Entrevistamos ebi-hime, criadora independente de visual novels

Conheça mais sobre a criadora que se destacou no cenário das visual novels indie.

em 10/10/2022


É difícil não ver visual novels pipocando no Switch e no Steam. Com o gênero ganhando o Ocidente cada vez mais, é ainda mais comum esbarrarmos com pequenas desenvolvedoras — e até mesmo criadores independentes — apostando nesse segmento.


Neste cenário, temos ebi-hime, que se destacou na internet com suas visual novels multitemáticas e que tivemos a chance de conhecer melhor nesta entrevista exclusiva.

Nintendo Blast: Obrigada por aceitar este convite! Para começar, pode nos contar mais sobre você?

ebi-hime: Olá e muito obrigada por me convidar para esta entrevista! Sinto-me lisonjeada!

Meu nome é ebi e eu vivo no Reino Unido. Sou uma produtora independente de visual novels e uma escritora que publicou alguns projetos ao longo dos anos. Talvez eu seja mais conhecida por minhas histórias de romance lésbico, mas gosto de escrever vários gêneros, incluindo ficção histórica, terror psicológico e comédia!

NB: De onde veio a ideia de criar visual novels? Você sempre sonhou em ser uma escritora ou isso é mais um hobby seu? Além disso, você tem alguma obra favorita dentre as quais você já publicou?

ebi: Eu sempre tive vontade de ser escritora desde que eu era criança. Sempre fui fã da série de livros Goosebumps, de R. L. Stine, (acho que tive todos os livros publicados) e eu costumava escrever minhas próprias histórias de terror, vagamente inspiradas em Goosebumps, em cadernos que meus pais compravam para mim. Ainda tenho essas histórias antigas que escrevi; aliás, acho que quando eu tinha uns sete anos, acho que escrevi minha primeira “história completa” (acompanhada de minhas próprias ilustrações) e me lembro de me sentir orgulhosa de mim e do meu feito. (risos)
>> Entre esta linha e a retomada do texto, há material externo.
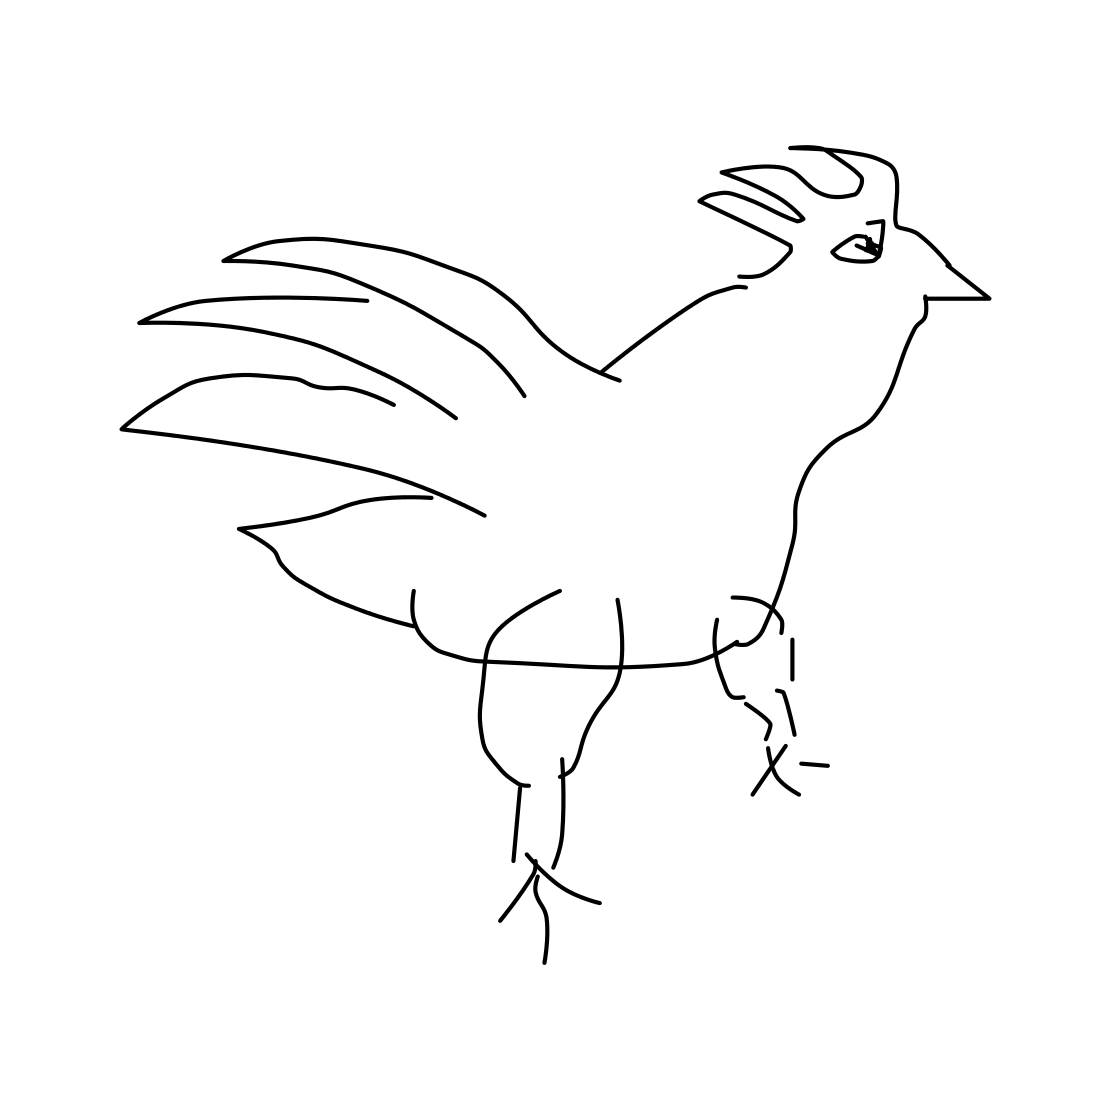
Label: rooster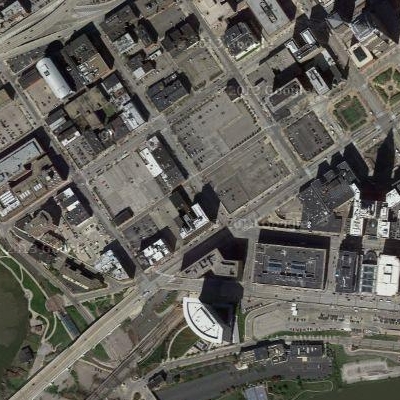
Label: Industry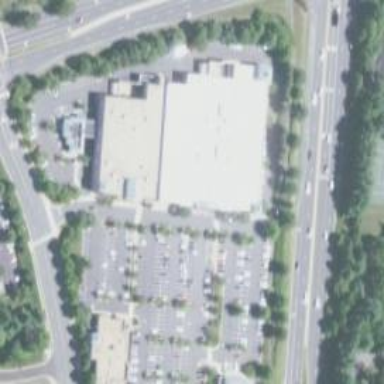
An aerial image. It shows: Retail building.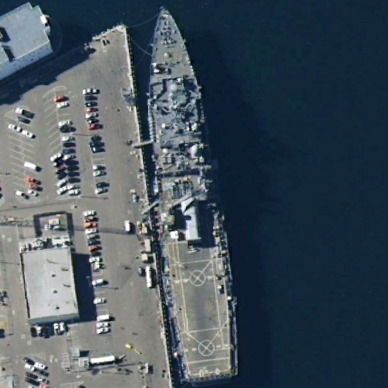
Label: combat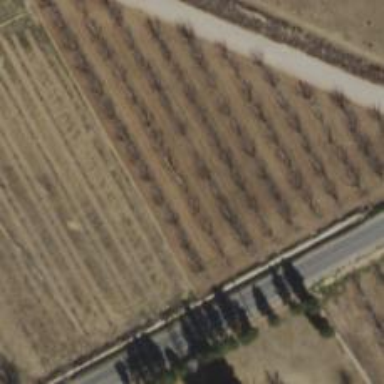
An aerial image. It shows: Orchard.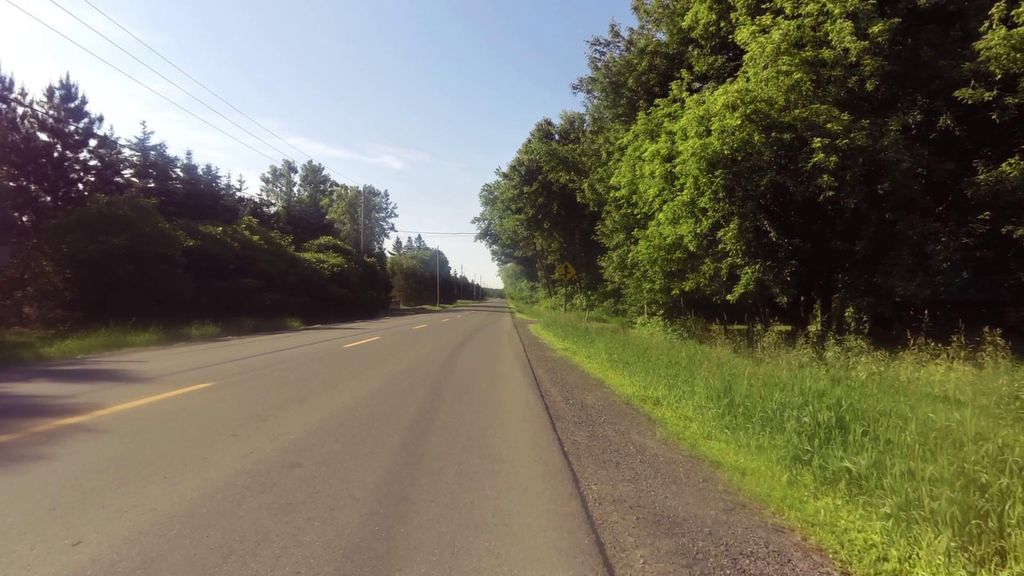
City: ottawa-gatineau

Eu também costumava escrever várias fanfics quando eu era mais nova. Descobri o site Fanfiction.net quando eu tinha por volta dos 11 anos e eu escrevi e publiquei [no site] histórias para vários fandoms até meus 18 anos. Tenho certeza de que escrevi cerca de 3 milhões de palavras [em fanfics] durante esses anos, ou algo próximo disso.


Sempre gostei de escrever (e gosto de ler também), mas a primeira vez que a ideia de escrever visual novels me veio à cabeça foi quando conheci a série Umineko, de Ryukishi07, quando eu estava no último ano do Ensino Médio. Foi a primeira vez que li uma VN, e a combinação de arte (mesmo que as de Ryukishi07 não sejam as melhores), música e efeitos sonoros junto do texto foi muito emocionante [para mim]. 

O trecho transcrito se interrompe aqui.